Data.gov on Solr

At ApacheCon this week I presented “Rapid Prototyping with Solr”.  This is the third time I’ve given a presentation with…

At ApacheCon this week I presented “Rapid Prototyping with Solr”.  This is the third time I’ve given a presentation with the same title.  In the spirit of the rapid prototyping theme, each time I’ve created a new prototype just a day or so prior to presenting it.  At Lucene EuroCon the prototype used attendee data, a treemap visualization, and a cute little Solr-powered “app” for picking attendees at random for the conference giveaways.  For a recent Lucid webinar the prototype was more general purpose, bringing in and making searchable rich documents and faceting on file types with a pie chart visualization.

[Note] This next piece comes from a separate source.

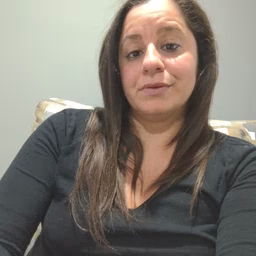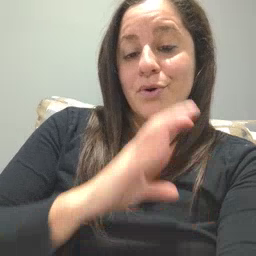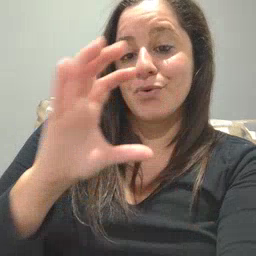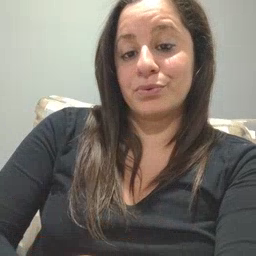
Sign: old

This time around, the data set I chose was Data.gov’s catalog of datasets, which fit with the ApacheCon open source aura, and Lucid Imagination’s support of Open Source for America, which helps to advocate for open source in the US Federal Government.  The prototype built includes faceting browsing, query term suggest, hit highlighting, result clustering, spell checking, document detail, and a bonus Venn diagram visualization.

The prototype was built with these steps:

  1. Install Lucidworks for Solr
  2. Grab the Data.gov catalog CSV file
  3. Iterate a bit with Solr’s CSV update handler (the funnest way to get data into Solr) and a little Solr schema tinkering
  4. Adjusted the Solr configuration and UI templates to get a nice look and feel, adding in a document detail page and a Venn diagram visualization comparing query overlaps

Voilà (click the images for large view):

datagov_search

Data Gov Compare

This isn’t the first time we’ve toyed with Data.gov data… earlier this year, Hoss demonstrated Solr’s stats component on another of Data.gov’s data sets.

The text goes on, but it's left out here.